There are limits to free speech: threats, yelling "fire" in a crowded public place, slander, lying to Congress, perjury, lying to shareholders. But as a society we are pretty lax about what people can say. On balance, I think, that's a good thing, since the alternative can so easily be corrupted.

But I do wonder sometimes. And I am not alone. About half of the US may think it is time to amend the 1st amendment.

There is an aspect to freedom of speech that I find unnerving. We grew up saying "Sticks and stones may break my bones, but words will never hurt me." But we know this is often not the case. There is such a thing as verbal abuse, and it can be more harmful than a physical punch. So, if words have the power to harm, shouldn't serious attacks with them be taken as seriously as with fists?

The power of words is not a new concept. Plato thought music and other arts should be censored because they could corrupt the masses. "The tongue has no bones, but it can break bones" is an old Sicilian proverb, according to Eric Hoffer (a more romantic rendition says it can break a heart).

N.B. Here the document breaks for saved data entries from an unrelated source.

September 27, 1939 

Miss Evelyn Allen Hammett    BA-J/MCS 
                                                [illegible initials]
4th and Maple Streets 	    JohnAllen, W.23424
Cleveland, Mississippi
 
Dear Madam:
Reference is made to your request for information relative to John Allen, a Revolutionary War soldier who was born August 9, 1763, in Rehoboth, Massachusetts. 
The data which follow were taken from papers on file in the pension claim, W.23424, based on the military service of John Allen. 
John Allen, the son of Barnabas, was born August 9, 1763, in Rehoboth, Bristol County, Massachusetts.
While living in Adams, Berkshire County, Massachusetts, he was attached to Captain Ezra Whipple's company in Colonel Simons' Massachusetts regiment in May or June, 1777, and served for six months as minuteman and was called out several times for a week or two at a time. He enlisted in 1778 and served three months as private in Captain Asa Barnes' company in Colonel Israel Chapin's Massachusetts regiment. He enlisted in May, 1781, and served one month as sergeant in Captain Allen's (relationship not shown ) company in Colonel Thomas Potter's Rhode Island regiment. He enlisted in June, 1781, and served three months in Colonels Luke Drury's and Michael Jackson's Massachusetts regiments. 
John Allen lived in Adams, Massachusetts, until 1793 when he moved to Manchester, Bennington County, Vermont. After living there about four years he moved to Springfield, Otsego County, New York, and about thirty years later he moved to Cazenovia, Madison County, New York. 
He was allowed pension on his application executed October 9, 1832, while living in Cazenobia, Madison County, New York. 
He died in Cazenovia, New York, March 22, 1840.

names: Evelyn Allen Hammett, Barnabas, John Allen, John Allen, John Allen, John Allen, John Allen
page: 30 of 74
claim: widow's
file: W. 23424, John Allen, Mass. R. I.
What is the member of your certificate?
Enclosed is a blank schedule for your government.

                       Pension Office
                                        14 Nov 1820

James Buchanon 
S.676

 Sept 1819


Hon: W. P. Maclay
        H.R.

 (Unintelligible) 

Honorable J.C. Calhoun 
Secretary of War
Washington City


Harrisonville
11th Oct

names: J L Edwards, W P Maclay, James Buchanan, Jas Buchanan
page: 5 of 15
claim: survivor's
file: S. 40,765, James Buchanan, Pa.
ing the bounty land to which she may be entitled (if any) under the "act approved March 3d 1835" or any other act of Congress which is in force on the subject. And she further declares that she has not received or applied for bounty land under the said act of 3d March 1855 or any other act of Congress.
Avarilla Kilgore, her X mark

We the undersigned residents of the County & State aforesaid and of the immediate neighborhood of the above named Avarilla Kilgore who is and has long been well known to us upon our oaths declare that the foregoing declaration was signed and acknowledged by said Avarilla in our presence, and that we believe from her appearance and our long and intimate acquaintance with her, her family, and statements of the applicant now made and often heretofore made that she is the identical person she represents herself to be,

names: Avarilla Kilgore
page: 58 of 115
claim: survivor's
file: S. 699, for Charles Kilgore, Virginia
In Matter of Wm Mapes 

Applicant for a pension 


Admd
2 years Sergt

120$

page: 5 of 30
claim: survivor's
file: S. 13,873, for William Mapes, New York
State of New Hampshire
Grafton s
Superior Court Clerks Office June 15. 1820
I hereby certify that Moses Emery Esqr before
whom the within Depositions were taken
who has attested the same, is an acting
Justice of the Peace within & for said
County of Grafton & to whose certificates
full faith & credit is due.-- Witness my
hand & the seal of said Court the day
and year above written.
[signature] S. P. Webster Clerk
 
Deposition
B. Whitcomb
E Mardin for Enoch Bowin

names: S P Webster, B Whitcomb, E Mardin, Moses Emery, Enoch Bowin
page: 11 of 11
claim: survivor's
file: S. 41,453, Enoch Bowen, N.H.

Nazi propaganda set the stage for the holocaust. Radio stations in Rwanda played a significant role in the genocide of Tutsis in 1994. Before people were aware of the effects, perhaps they said, Don't worry! It's just words.

The president of the US has exercised his freedom of speech by lying to the people 13,500 times in 1000 days in office. He further exercises his right of free speech by accusing media who expose his falsehoods of, you guessed it, lying. Not only does he abuse the right of freedom of expression, but he also uses his position to inhibit this right for others. This is (mostly) not illegal. It is pathetic.

And yet, if this president, who calls the press the enemy of the people, were allowed to shut down all who fail to adore him, the results would be worse than letting him spew lies upon lies. If he had his way and dictated what was good and acceptable, our society would be even more vulnerable to the lies.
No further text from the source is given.